Thursday, September 04, 2014

Late blooming Real

Again with the I read somewhere (I obviously need to keep better track of what and where I read it), but I read somewhere recently that there is this whole plethora of people who are blooming late. I'm not talking about getting boobs or pubic hair, I'm talking about figuring out some passion or some talent that has perhaps lay dormant or even not been realized at all.

Of course I was all over this in my mind, it would be the answer to all my angst, the ha, the this-will-make-it-all-turn-out. The reason it will have never mattered that I got lost in the world of restaurants for so many years. The way I will say, yes, I was writing for a few years and then I had this third baby and we just love her, but of course it made it hard to have it all, nahnahnah. Because while I know that I was lost and struggling for all of my twenties and then decided to Take Charge and make all those stupid waitressing shifts Mean Something by really getting into it, really caring and really doing a good job at being a restaurant person, I know that always I was supposed to be writing and if I wasn't writing I was just sort of faking it that it didn't matter.

For sure I can do other shit. I can serve food, perhaps not anymore, but the detour in the fries with that world was not wasted, in that I now love cooking and eating. Two important things in my world. And I am pretty good at organizing things, like big things. Fundraisers and meals for a few hundred, awards shows and luncheons. Conferences. Interesting note to self: why am I good at organizing a three course sit down dinner for 200 and flying in speakers, but I can't seem to stay on top of the laundry? Ah, yes, good point. Because it's boring as HELL, that's why.

But what I'm good at is writing, and what I love, is writing, and when I'm my best version of myself, the one I only let out on Tuesdays and alternating Thursdays (kidding) is when I'm writing.

Now I don't just mean this, this blogging stuff.
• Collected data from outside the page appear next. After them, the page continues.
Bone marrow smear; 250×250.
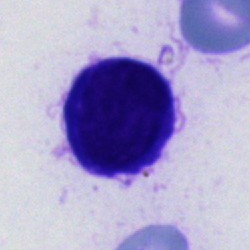Specimen: bone marrow smear.
Morphological class: cell of indeterminate lineage.
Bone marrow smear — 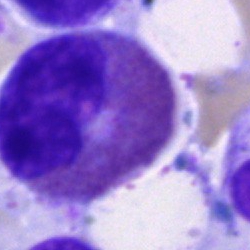
Morphology consistent with an eosinophilic granulocyte.
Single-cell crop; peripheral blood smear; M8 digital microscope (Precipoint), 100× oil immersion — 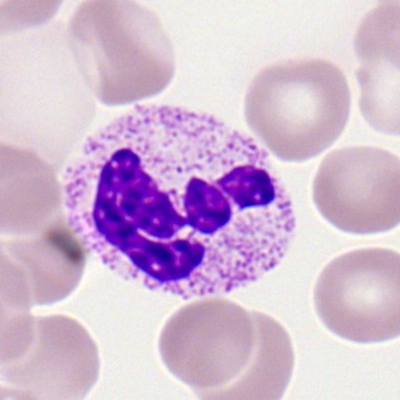{"cell_type": "neutrophil (segmented)", "lineage": "myeloid"}
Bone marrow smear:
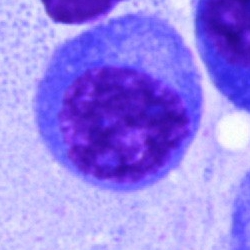A plasma cell.
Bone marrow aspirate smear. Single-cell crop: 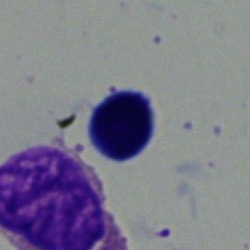Cell type — typical lymphocyte.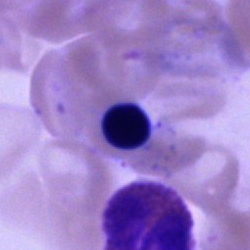Single cell identified as a normoblast.
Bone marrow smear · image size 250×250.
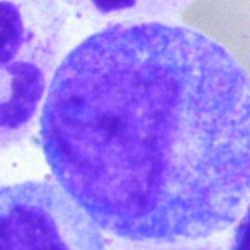

Specimen: bone marrow smear.
Cell type: promyelocyte.
Lineage: myeloid.
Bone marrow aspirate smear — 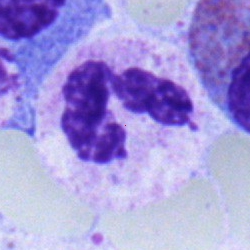 Impression → segmented neutrophil.
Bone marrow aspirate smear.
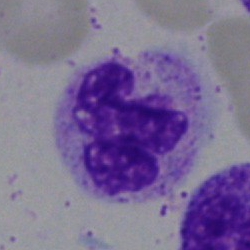
Impression — neutrophil (segmented).
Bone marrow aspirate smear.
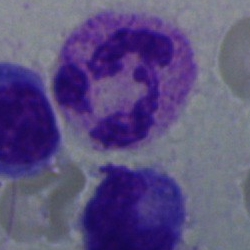 Single cell identified as a segmented neutrophil.
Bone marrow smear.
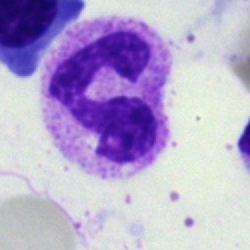

Specimen: bone marrow smear.
Classification: segmented neutrophil.
Lineage: myeloid.
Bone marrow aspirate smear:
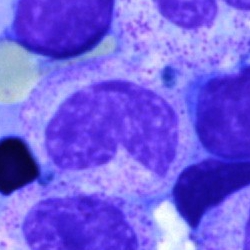
Morphological class = stab cell.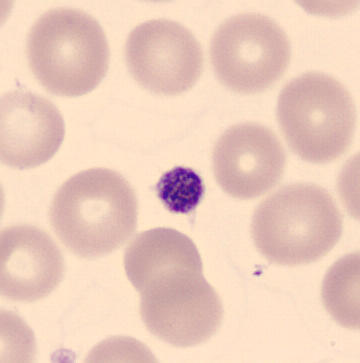
Cell type: platelet (thrombocyte).

Peripheral blood film.
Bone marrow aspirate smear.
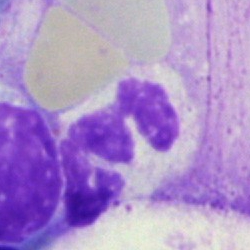 Cell: polymorphonuclear neutrophil.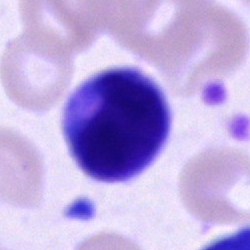 Q: Identify the cell.
A: Unidentifiable cell.
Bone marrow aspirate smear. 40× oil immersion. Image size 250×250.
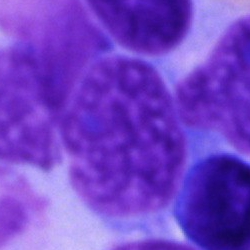 Q: What is shown here?
A: Artifact.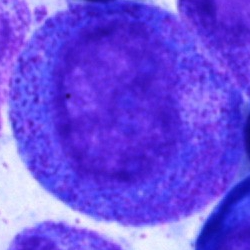
The cell type is promyelocyte.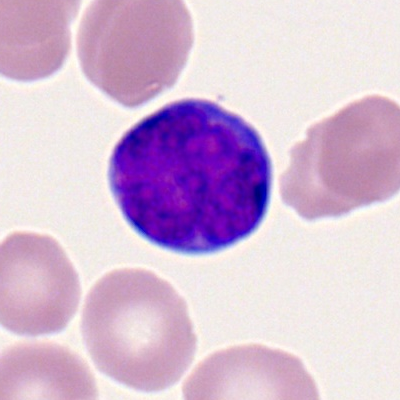The cell type is myeloid blast.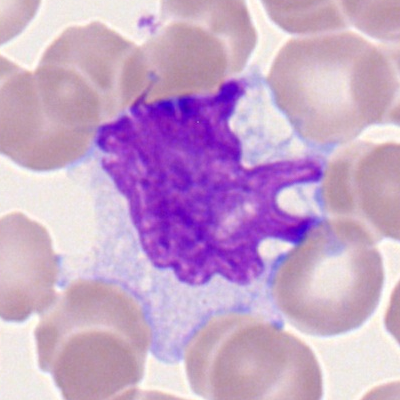
The classification is monocyte.
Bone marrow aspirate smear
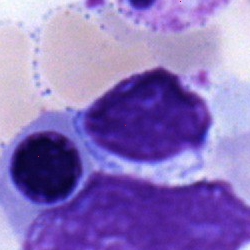
Showing a lymphocyte.
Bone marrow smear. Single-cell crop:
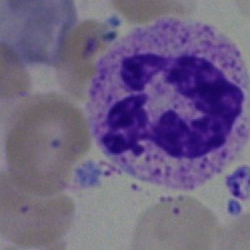Morphological class = neutrophil (segmented).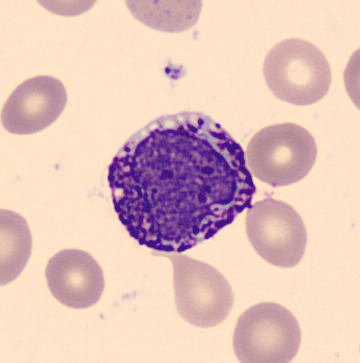Impression — basophilic granulocyte.
Automated cell imaging (CellaVision DM96) · peripheral blood smear.
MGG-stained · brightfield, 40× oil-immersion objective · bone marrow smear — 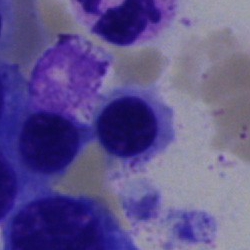
Morphological class: normoblast.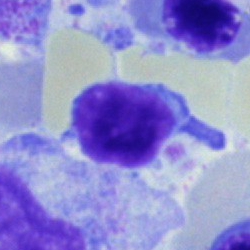
The cell shown is a lymphocyte.
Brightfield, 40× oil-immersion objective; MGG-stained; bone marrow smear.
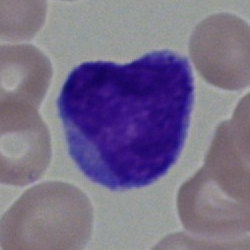
Morphological class = blast.
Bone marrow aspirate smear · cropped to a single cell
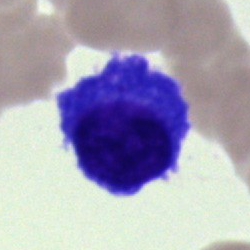 This is a plasma cell.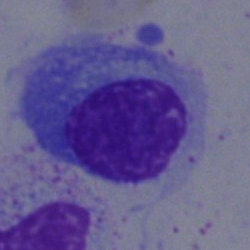

Bone marrow smear showing a plasmacyte.
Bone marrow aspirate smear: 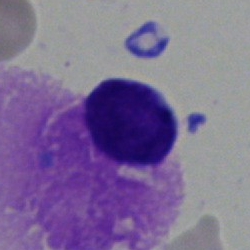

Cell: typical lymphocyte.
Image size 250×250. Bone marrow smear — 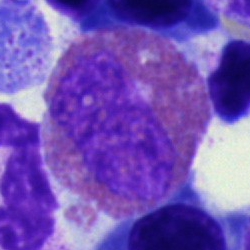 Eosinophilic granulocyte.

This is cool, this is fine, but it makes me terribly nervous and I'm not quite sure yet what the point is. I mean, just scratching the surface here, dipping a toe in, but putting stuff out there in public is a nerve wracking and scary thing for me and I'm forcing myself to do it to hold myself accountable to Become that late bloomer, that one where by the time I'm 51 I can fill in the blank somewhere under occupation, writer. I know, it's crazy, isn't it? 51.
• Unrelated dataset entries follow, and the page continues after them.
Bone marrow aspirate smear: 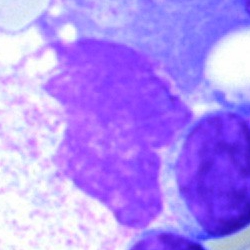Specimen: bone marrow smear.
Cell: artifact.
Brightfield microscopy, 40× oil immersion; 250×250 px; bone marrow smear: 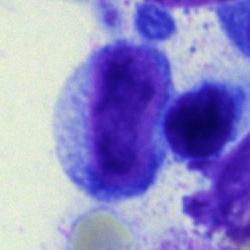 Blast.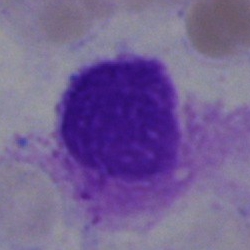 Single cell identified as an artifact.
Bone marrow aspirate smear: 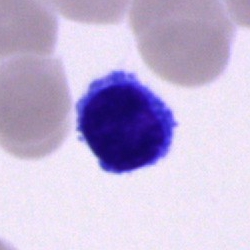 Q: What type of cell is this?
A: A cell of indeterminate lineage.
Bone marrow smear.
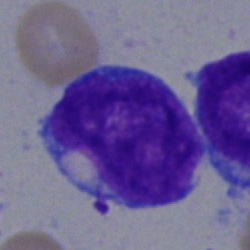
Q: Which cell type is shown here?
A: This is a blast.
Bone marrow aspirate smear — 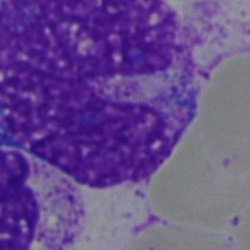 Cell = artefact.
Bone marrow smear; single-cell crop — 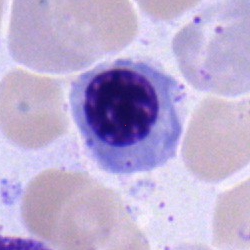 Impression → erythroblast.
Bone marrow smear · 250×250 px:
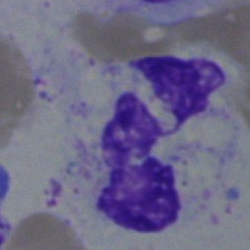
Classification — neutrophil (segmented).
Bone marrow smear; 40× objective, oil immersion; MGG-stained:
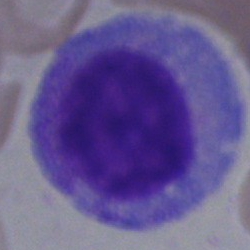
Single cell identified as a promyelocyte.
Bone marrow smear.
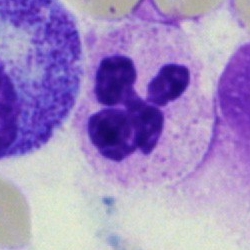
Classification — polymorphonuclear neutrophil.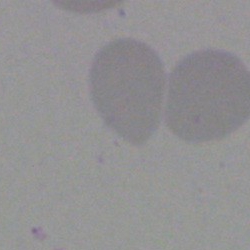
Morphological class — artefact.
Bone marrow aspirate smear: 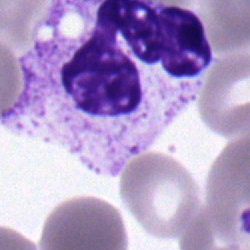
Morphology → segmented neutrophil.
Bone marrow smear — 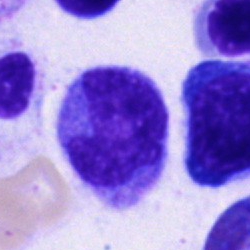 Cell type — monocyte.
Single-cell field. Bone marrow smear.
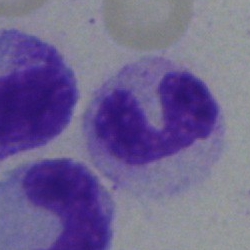

Morphology consistent with a stab cell.
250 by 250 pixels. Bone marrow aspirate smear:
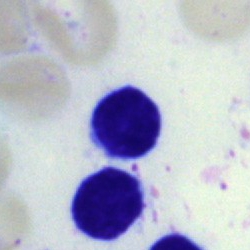Morphology — typical lymphocyte.
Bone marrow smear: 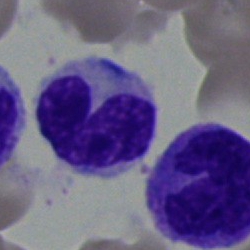

Impression → band-form neutrophil.
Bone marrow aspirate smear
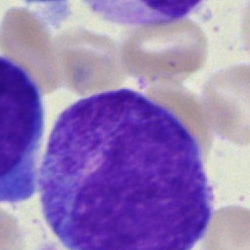

{"cell_type": "promyelocyte", "lineage": "myeloid"}

Anyways what I meant there by the I'm my best version of myself when I'm writing is that I'm writing pretty much all day long. Thought pops into my head? I write it down. Lovely sentence? Write it down. Question for later? Need bananas? Pay bills? I write it all down, in a hodge-podge mess in a cool notebook (ahem, I wrote about the notebook, even) and once it clears the gate in my mind I can relax. I can let it go, if I need to (a worry or a round-and-round thought, I get those and they make me stew too much to keep them) or keep them, if I need to (the endless List of shit I have to get done, that if it isn't written down circles around me like vultures wanting to peck my eyes out...that may seem extreme but that's really how I feel. So even though I haven't I still feel as though I lost weight, because the thoughts and worries and words that float, untethered, are now grounded and made real (kind of Velveteen Rabbit style) and I am, if not weightless, lighter.